Task statement:
Please repeat the listing below exactly, but do not include its pictures.

Data section:
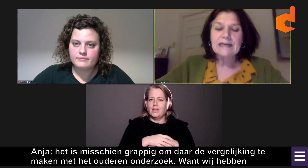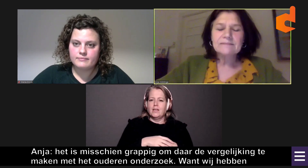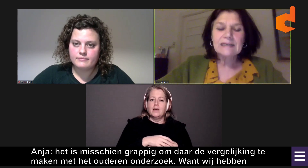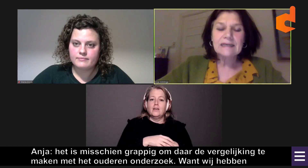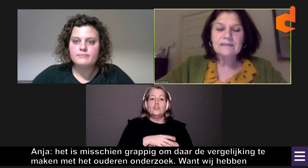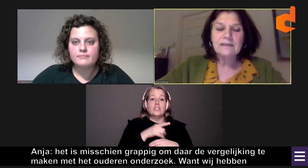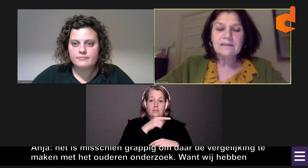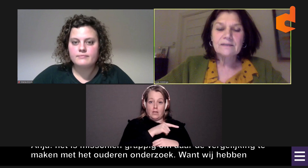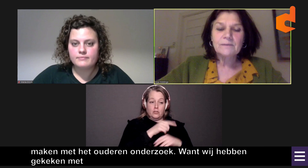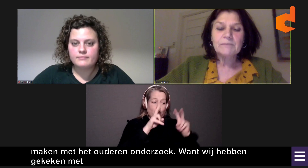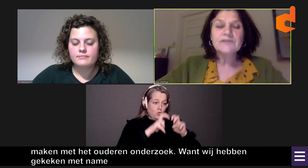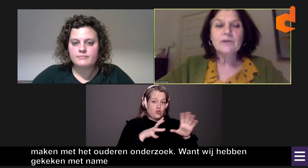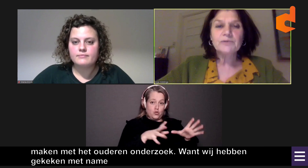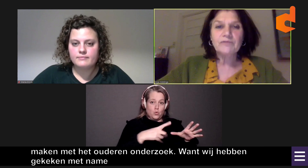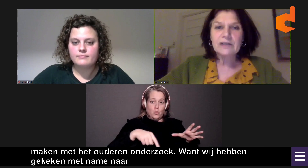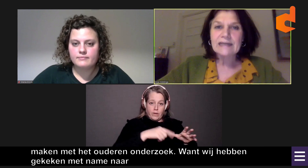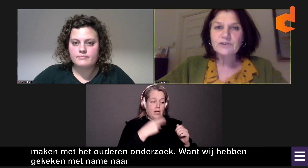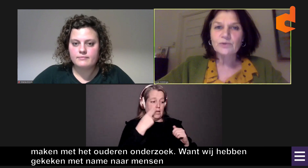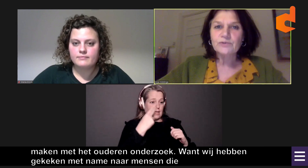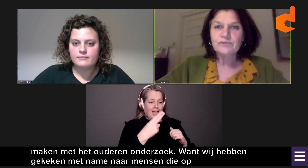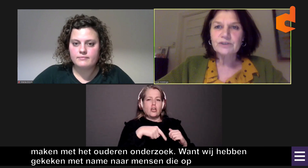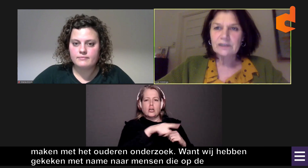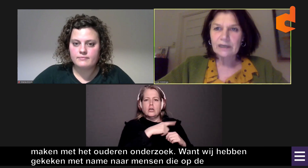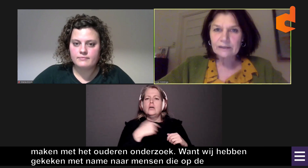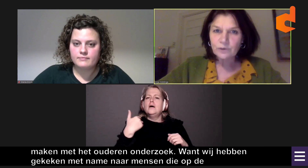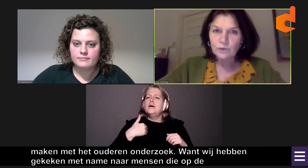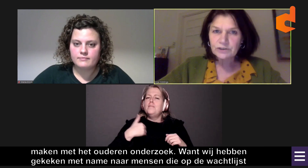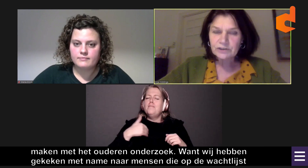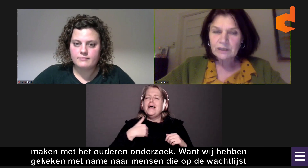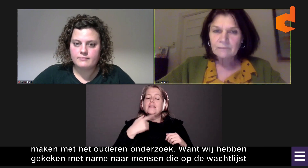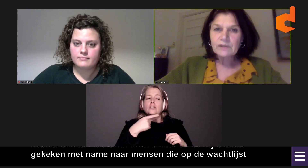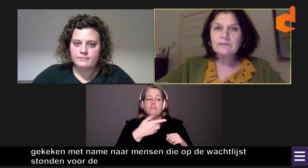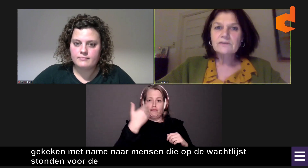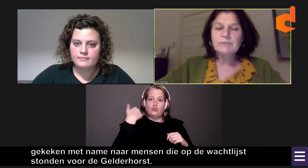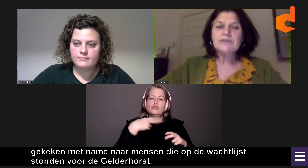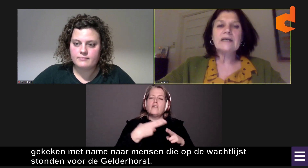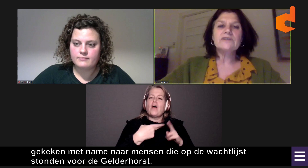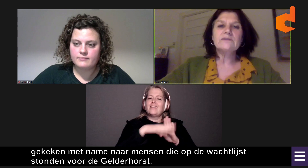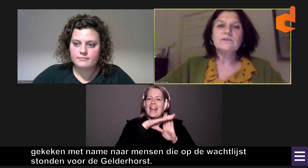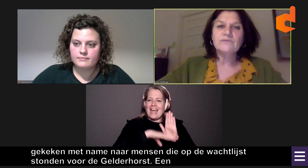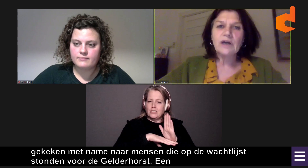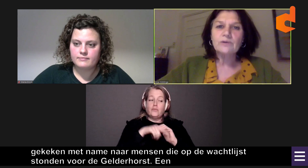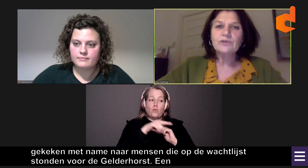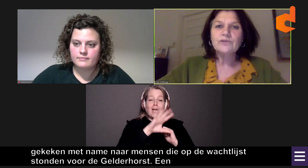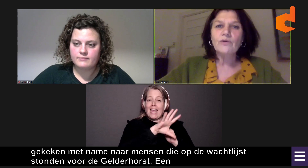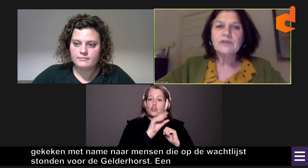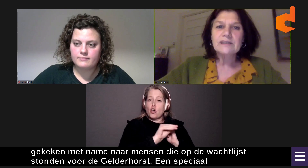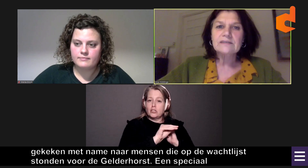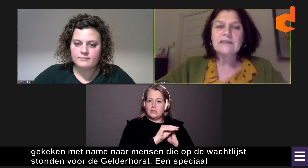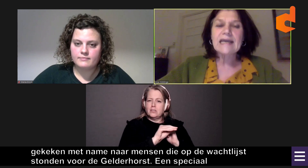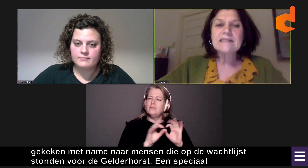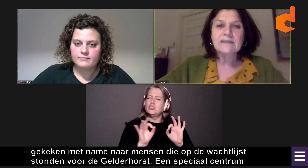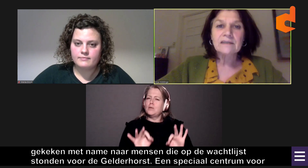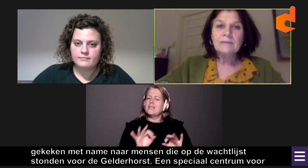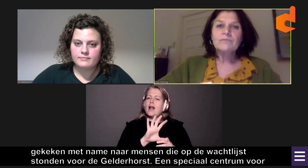daar naar mensen die op de wachtlijst stonden voor de Gelderhorst. Een speciaal centrum voor oudere doven
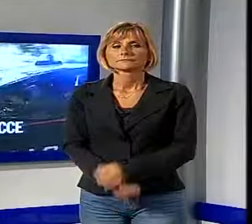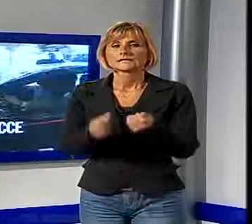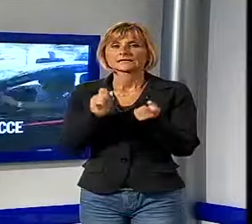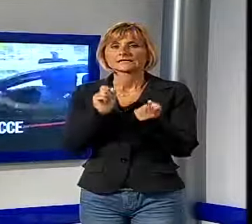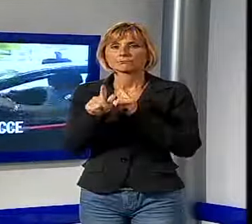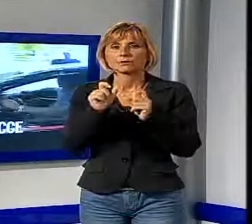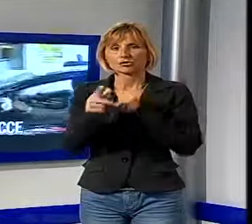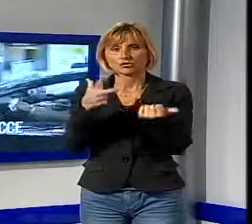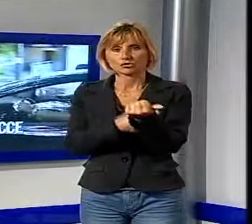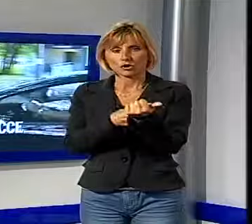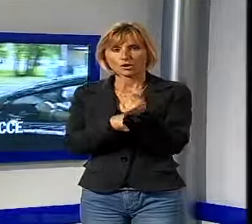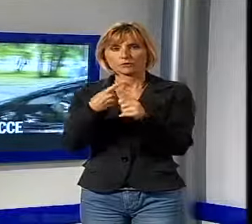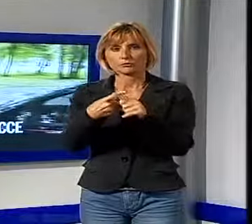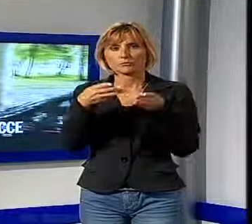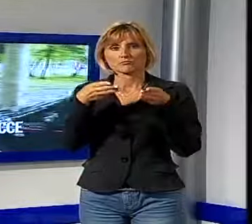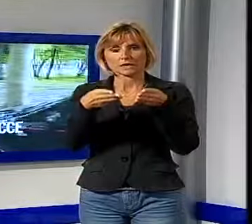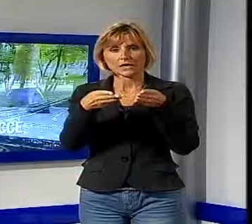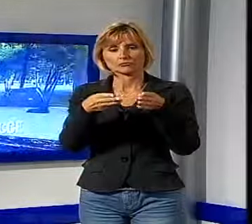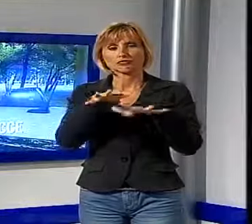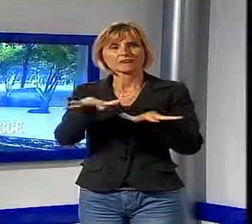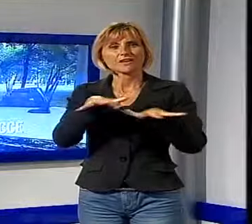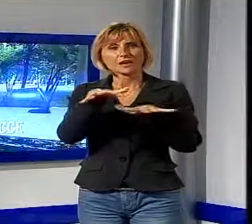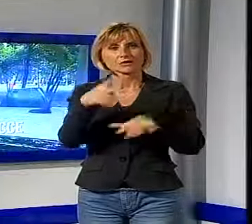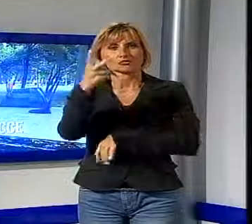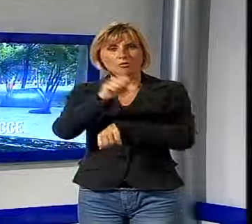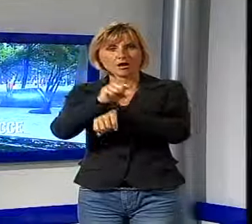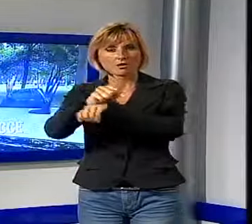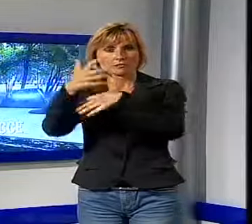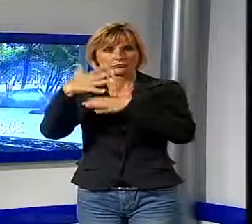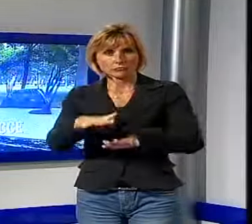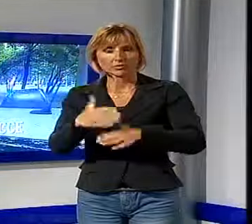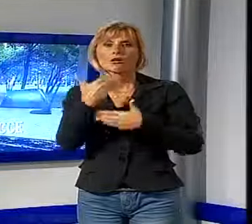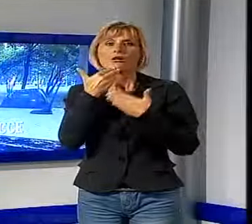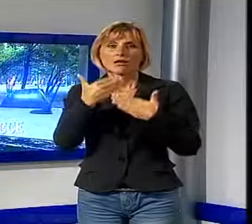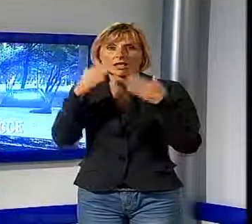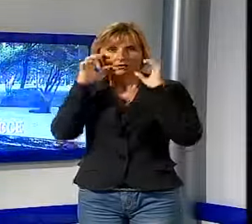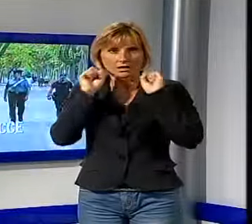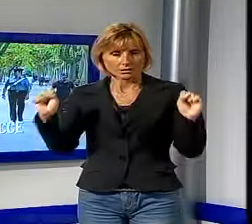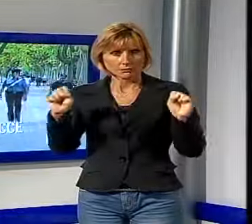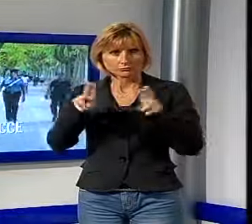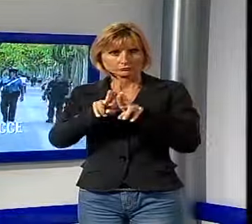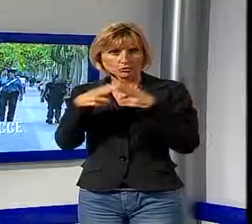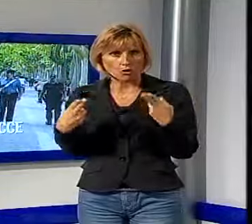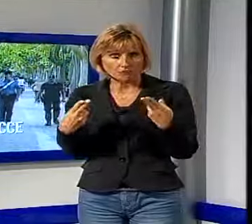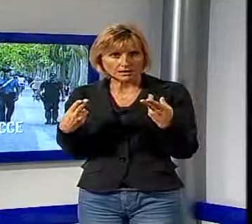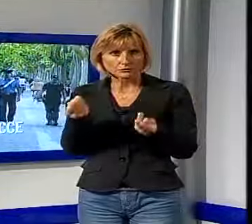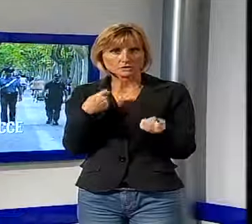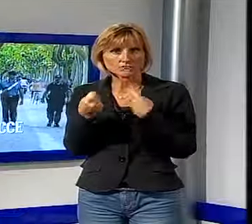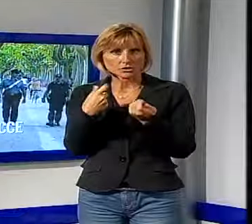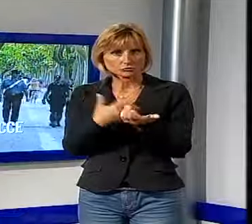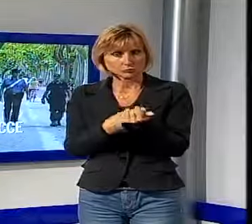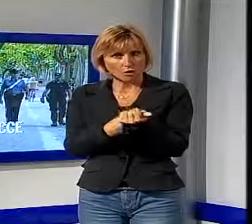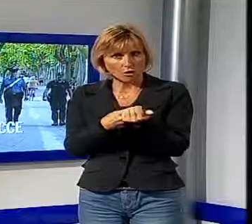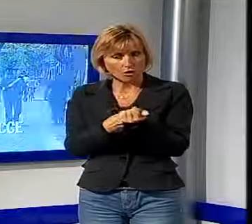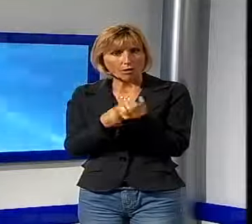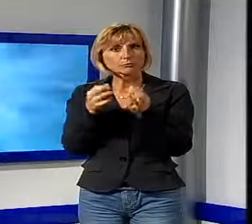Spaccio e minacce, due arresti a Viareggio da parte dei carabinieri che hanno stroncato un vasto giro di spaccio portato avanti in
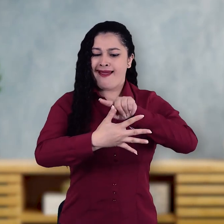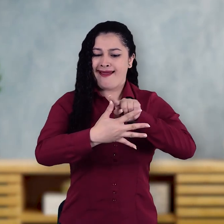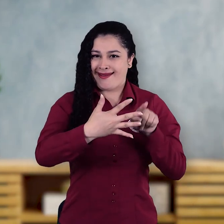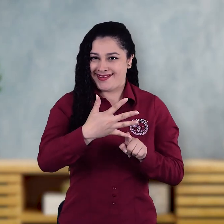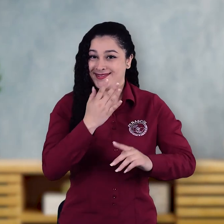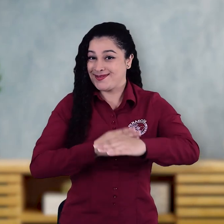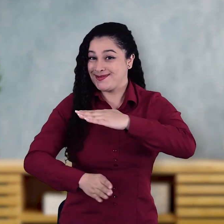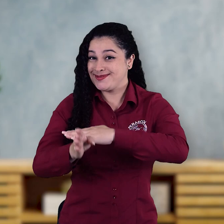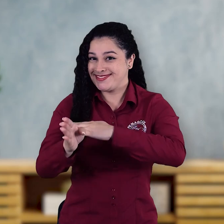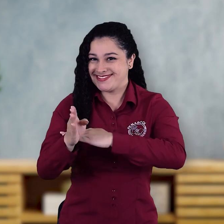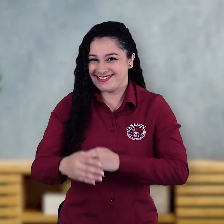continuamos con los otros 5.

Response area:
daar naar mensen die op de wachtlijst stonden voor de Gelderhorst. Een speciaal centrum voor oudere doven
Spaccio e minacce, due arresti a Viareggio da parte dei carabinieri che hanno stroncato un vasto giro di spaccio portato avanti in
continuamos con los otros 5.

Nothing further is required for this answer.